Sokyo at the Star is meant to have great sushi but I haven't tried it yet, Chef Sano used to work at Tets & Azuma.


----------



## rami_m (Jun 5, 2014)

Forgot about azuma. Last time I went they had a tuna jaw. Which I of course devoured. Can't do that anymore. I will check the other jurin.


----------



## AFKitchenknivesguy (Jun 5, 2014)

I'd love to try any of these. I've always dreamed of going to Australia since I was a child. I still can't believe I didn't go when I lived in Guam.


----------



## rami_m (Jun 5, 2014)

Azuma sydney. Tuna jaw.


----------



## schanop (Jun 5, 2014)

Not specifically sushi, but if you are down South this way, I truly highly recommend Wayama https://www.facebook.com/WayamaSylvania . Takayama-san used to run Azuma as a head chef for a number of years and also were a private chef to the Japanese consulate for a couple of years.
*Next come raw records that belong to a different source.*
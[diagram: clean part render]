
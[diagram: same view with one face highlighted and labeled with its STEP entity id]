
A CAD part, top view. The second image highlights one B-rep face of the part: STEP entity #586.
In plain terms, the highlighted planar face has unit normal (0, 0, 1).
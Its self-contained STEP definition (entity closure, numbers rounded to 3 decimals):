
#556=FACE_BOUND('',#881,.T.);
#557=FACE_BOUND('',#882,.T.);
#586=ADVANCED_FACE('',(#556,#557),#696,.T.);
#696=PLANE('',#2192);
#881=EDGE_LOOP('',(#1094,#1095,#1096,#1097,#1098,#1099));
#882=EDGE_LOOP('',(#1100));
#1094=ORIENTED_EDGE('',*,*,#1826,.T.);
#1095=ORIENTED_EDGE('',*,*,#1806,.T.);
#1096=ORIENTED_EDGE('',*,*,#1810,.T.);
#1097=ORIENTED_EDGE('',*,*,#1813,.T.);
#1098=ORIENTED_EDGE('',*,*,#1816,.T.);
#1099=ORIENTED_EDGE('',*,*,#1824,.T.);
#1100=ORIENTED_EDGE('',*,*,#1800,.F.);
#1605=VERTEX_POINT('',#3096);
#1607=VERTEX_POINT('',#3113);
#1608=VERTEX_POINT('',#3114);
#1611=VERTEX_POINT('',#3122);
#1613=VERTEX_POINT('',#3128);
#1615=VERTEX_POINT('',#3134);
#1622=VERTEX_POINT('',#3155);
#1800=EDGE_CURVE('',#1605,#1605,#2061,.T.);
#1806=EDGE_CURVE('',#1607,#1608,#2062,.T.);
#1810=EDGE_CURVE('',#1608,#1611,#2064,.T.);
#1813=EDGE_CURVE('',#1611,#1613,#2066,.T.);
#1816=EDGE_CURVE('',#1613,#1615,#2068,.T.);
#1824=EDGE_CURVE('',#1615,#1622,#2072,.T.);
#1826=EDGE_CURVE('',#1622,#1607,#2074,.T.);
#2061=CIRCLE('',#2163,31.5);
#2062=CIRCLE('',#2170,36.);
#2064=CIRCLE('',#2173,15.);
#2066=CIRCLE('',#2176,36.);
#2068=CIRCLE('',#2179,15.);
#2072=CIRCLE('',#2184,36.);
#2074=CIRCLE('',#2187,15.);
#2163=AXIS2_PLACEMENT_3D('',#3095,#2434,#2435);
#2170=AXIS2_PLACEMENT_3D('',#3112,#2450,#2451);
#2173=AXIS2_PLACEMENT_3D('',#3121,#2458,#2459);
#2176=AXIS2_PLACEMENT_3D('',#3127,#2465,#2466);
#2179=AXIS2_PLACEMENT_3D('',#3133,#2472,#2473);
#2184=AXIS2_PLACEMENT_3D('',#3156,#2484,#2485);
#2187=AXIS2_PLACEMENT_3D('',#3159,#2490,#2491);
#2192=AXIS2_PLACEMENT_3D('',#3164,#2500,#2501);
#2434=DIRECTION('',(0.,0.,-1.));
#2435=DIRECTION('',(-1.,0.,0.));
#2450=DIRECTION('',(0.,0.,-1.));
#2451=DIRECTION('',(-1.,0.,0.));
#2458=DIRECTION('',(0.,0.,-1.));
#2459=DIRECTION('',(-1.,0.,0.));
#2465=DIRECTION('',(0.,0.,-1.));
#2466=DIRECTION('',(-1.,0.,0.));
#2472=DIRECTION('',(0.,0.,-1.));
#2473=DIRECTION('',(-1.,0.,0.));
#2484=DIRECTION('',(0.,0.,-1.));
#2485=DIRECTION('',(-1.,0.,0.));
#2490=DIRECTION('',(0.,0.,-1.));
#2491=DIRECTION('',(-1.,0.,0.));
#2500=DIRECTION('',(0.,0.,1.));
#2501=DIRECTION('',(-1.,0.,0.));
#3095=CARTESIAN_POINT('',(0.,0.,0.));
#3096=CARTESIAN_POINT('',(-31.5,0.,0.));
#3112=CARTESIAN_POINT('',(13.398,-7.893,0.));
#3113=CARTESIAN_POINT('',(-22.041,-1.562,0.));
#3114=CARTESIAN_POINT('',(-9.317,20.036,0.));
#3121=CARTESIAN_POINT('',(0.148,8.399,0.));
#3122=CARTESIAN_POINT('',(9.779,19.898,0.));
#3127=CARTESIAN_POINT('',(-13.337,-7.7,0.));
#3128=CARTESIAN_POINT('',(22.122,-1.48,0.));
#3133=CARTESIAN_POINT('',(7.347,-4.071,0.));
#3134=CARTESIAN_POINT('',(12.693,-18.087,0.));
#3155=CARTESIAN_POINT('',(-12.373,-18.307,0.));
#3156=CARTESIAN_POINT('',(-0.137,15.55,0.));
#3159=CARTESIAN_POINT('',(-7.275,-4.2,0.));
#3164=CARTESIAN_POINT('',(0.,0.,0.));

We'll have to check Ju rin and Hana Ju run now that words are out :bliss:


----------



## rami_m (Jun 5, 2014)

One more.


----------



## Von blewitt (Jun 5, 2014)

That looks like a plate from Mitsu Shoji


----------



## schanop (Jun 5, 2014)

Luck sushi in Brighton le sands and Tany's in Redfern, both own by Shinji Tani, are nice and good for your pocket too. Generally what is best there including Wayama is what is on board of the day.


----------



## rami_m (Jun 5, 2014)

Is it dinner time already , too bad there aren't anything out west.


----------



## schanop (Jun 18, 2014)

Went to Wayama today, and this was the dish of the day, Aburi hiramasa sashimi . And most wouldn't believe how much this plate costs :whistling:


----------



## mhlee (Jun 18, 2014)

Fake wasabi.


----------



## schanop (Jun 18, 2014)

Yup, most places around here use fake wasabi :wink:


----------



## rami_m (Jun 18, 2014)

Yes, I wouldn't know the real stuff. Only once or twice I suspected that I had it but felt embarrassed to ask.


----------



## jsjs103121 (Jun 18, 2014)

I will have to check these places out when I go to Sydney next time. 
Can anyone recommend a good sushi/Japanese restaurant in Melbourne where you can sit at the counter (not the sushi train ones)?
We go to Suzuran in Camberwell but it is not a restaurant and you can only to take away or pick up.


----------



## chokobo (Jun 19, 2014)

Probably good to try Komeyui in Port Melbourne, Shira Nui in Glen Waverley or Kenzan in Melbourne CBD


----------



## jsjs103121 (Jun 19, 2014)

Thanks chokobo!! Will try out the Kenzan and Komeyui coz they are closer to where I live.


----------



## Sambal (Jun 19, 2014)

Went to Shira Nui earlier in the year and was very disappointed. Same old story I guess, popularity has eroded their standards noticeably. Won't be back in a hurry.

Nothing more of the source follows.